Provided material
########
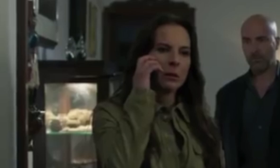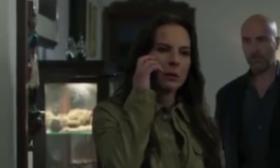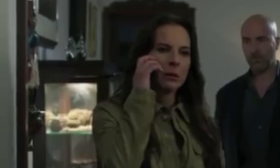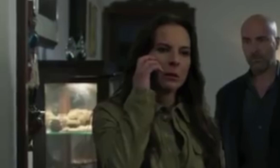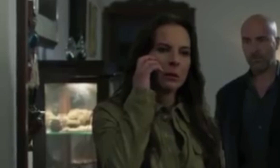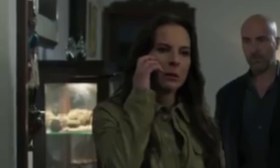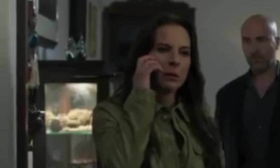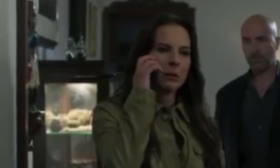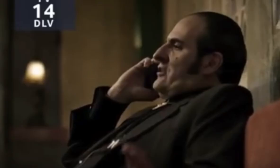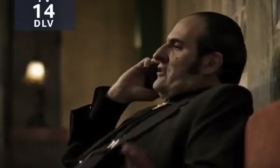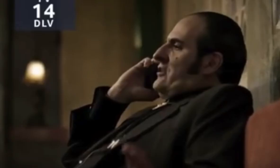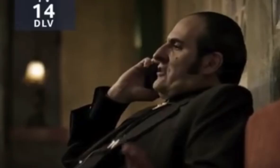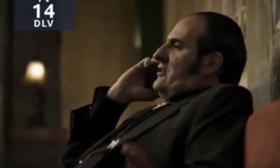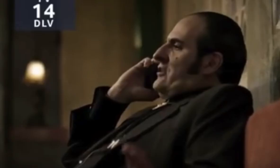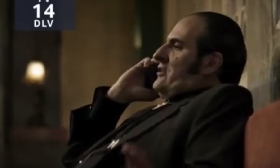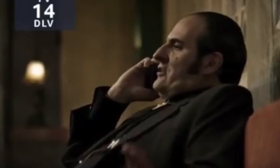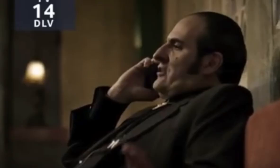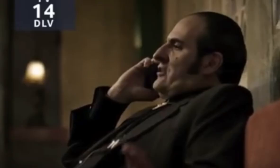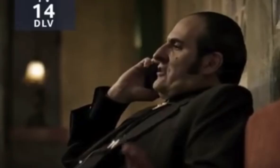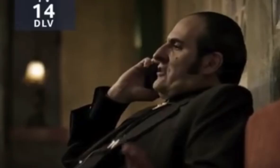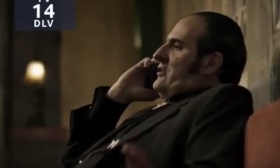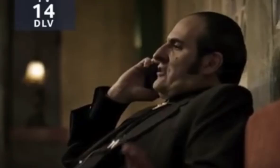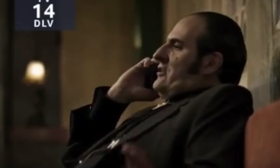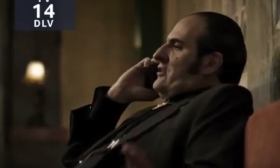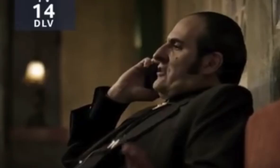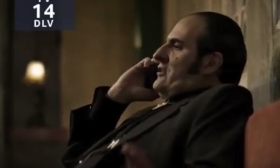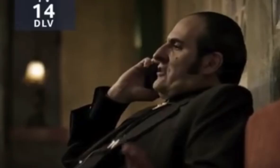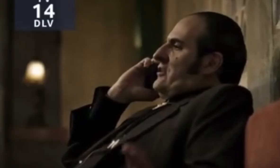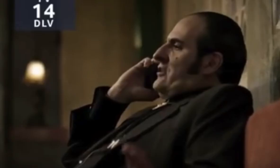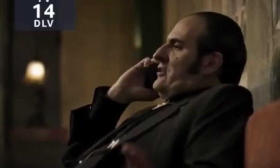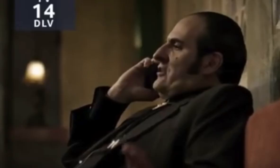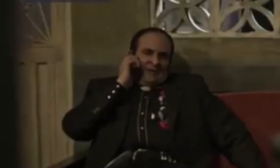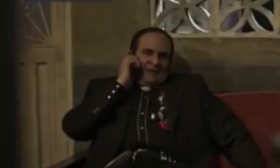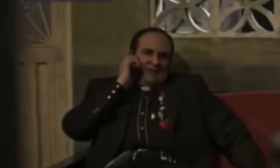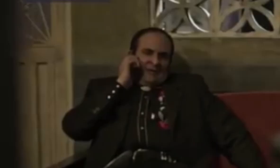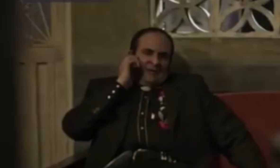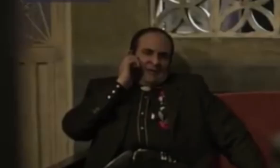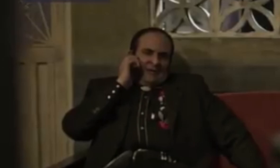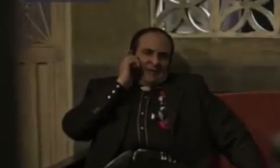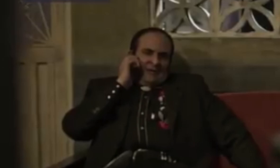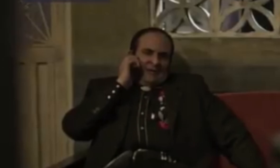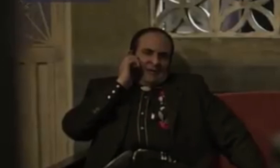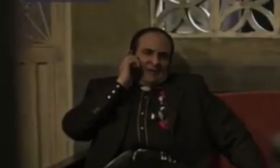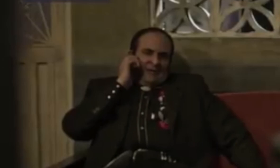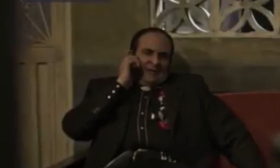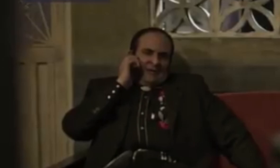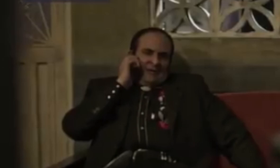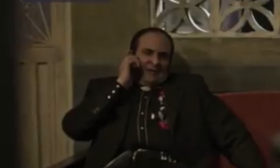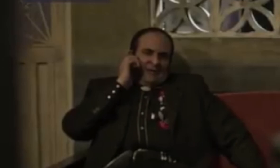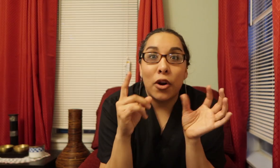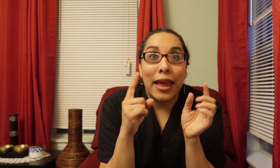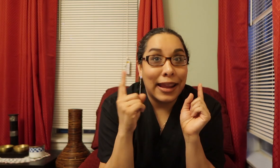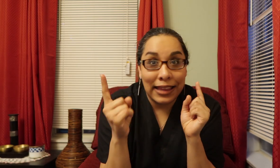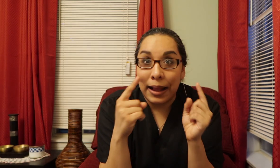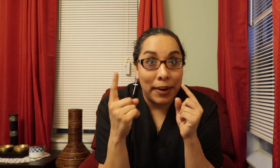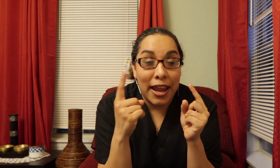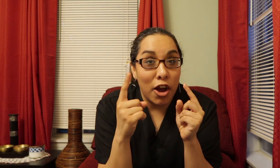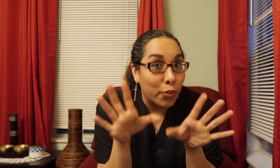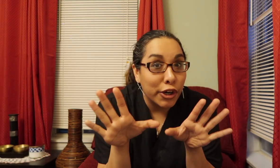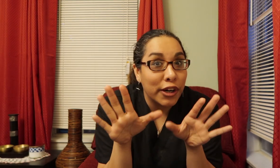I say Batman So le habla al Batman Y le dice Lo sé todo Epifanio me dijo todo Pero like It's like a play on word
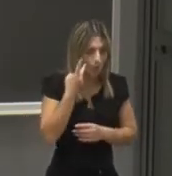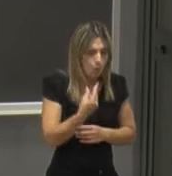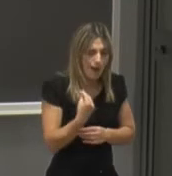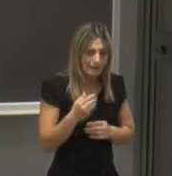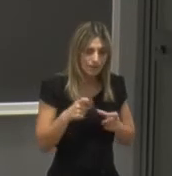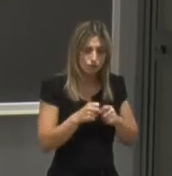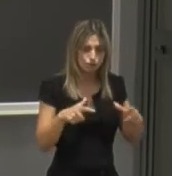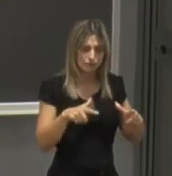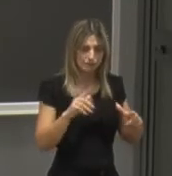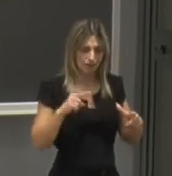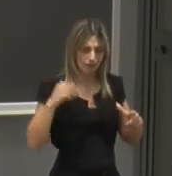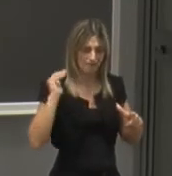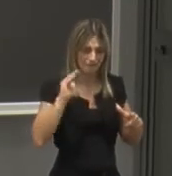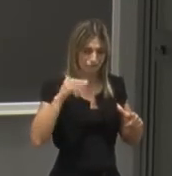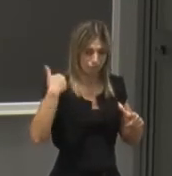che sarà la città del domani
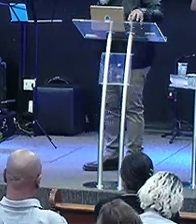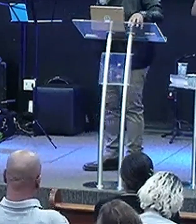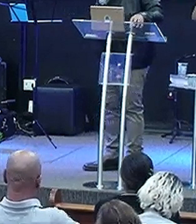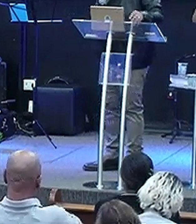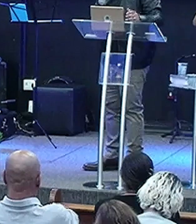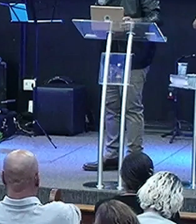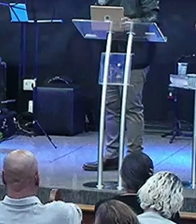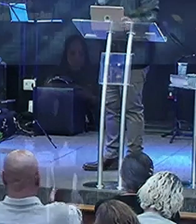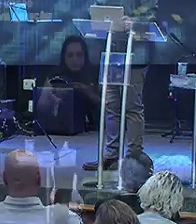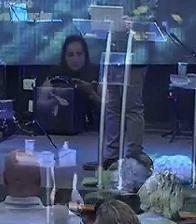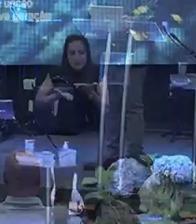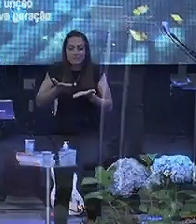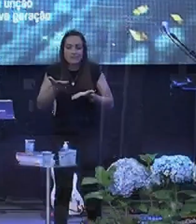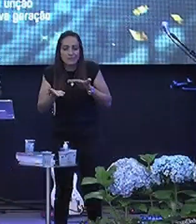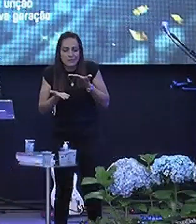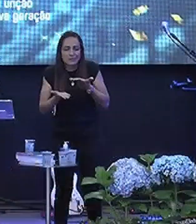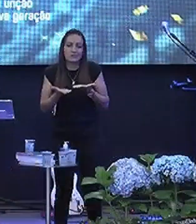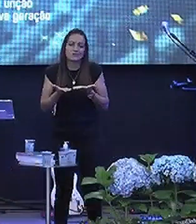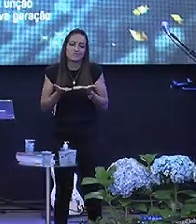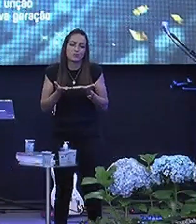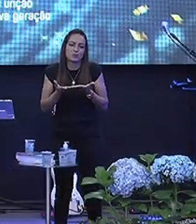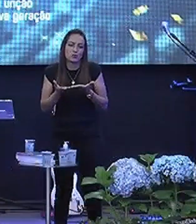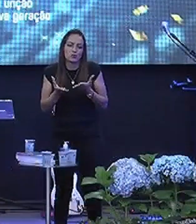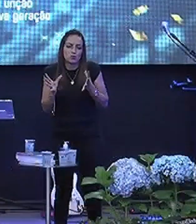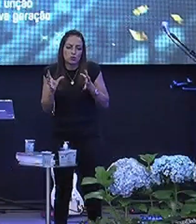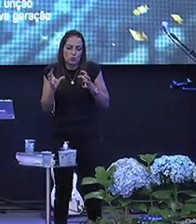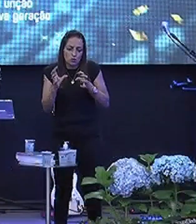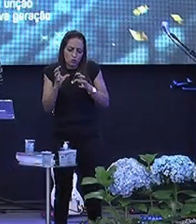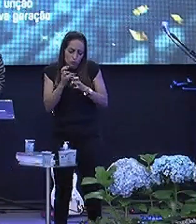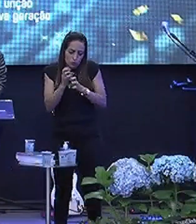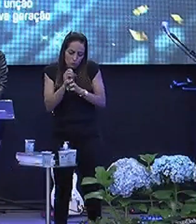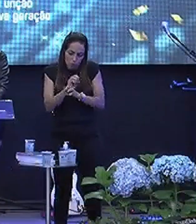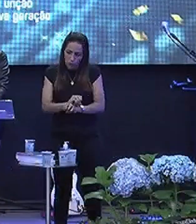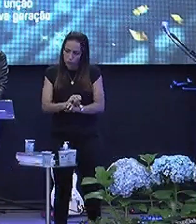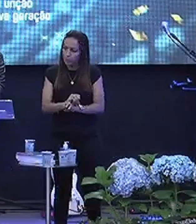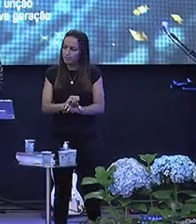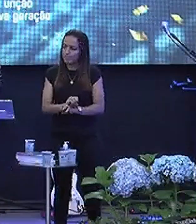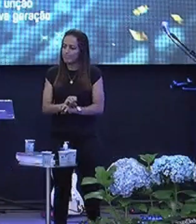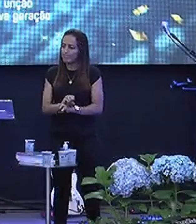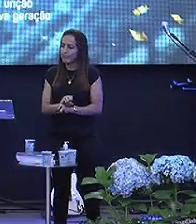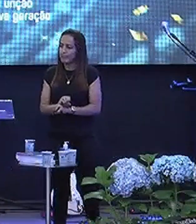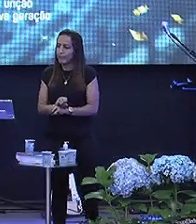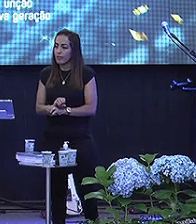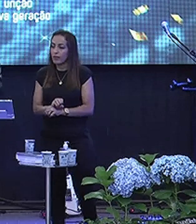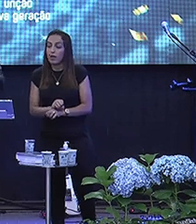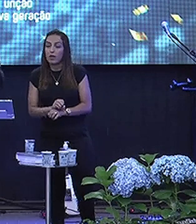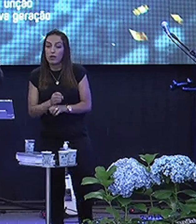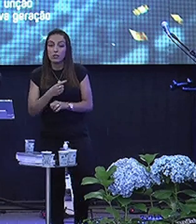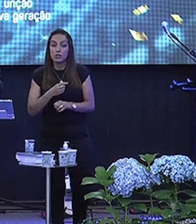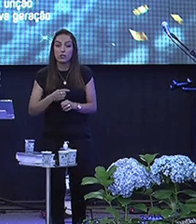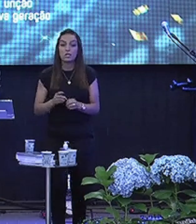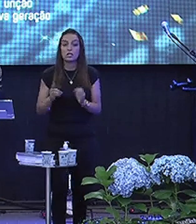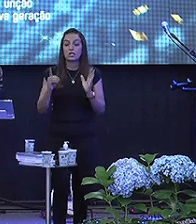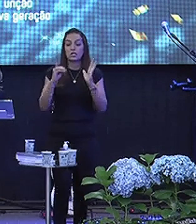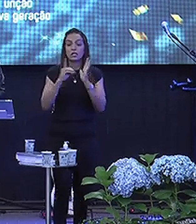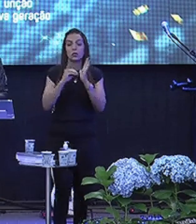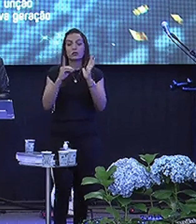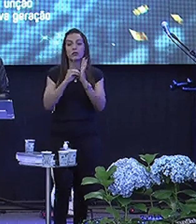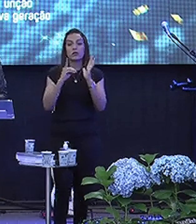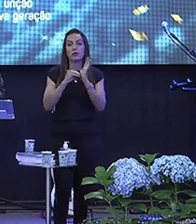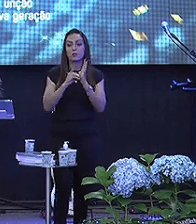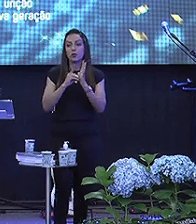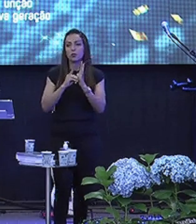trata A nossa vida Do que os desertos Deuteronômio 8 2 fala Te coloquei No deserto
########
Exercise description
Your reply should hold every line above exactly as written and none of the pictures.

Output for this task
I say Batman So le habla al Batman Y le dice Lo sé todo Epifanio me dijo todo Pero like It's like a play on word
che sarà la città del domani
trata A nossa vida Do que os desertos Deuteronômio 8 2 fala Te coloquei No deserto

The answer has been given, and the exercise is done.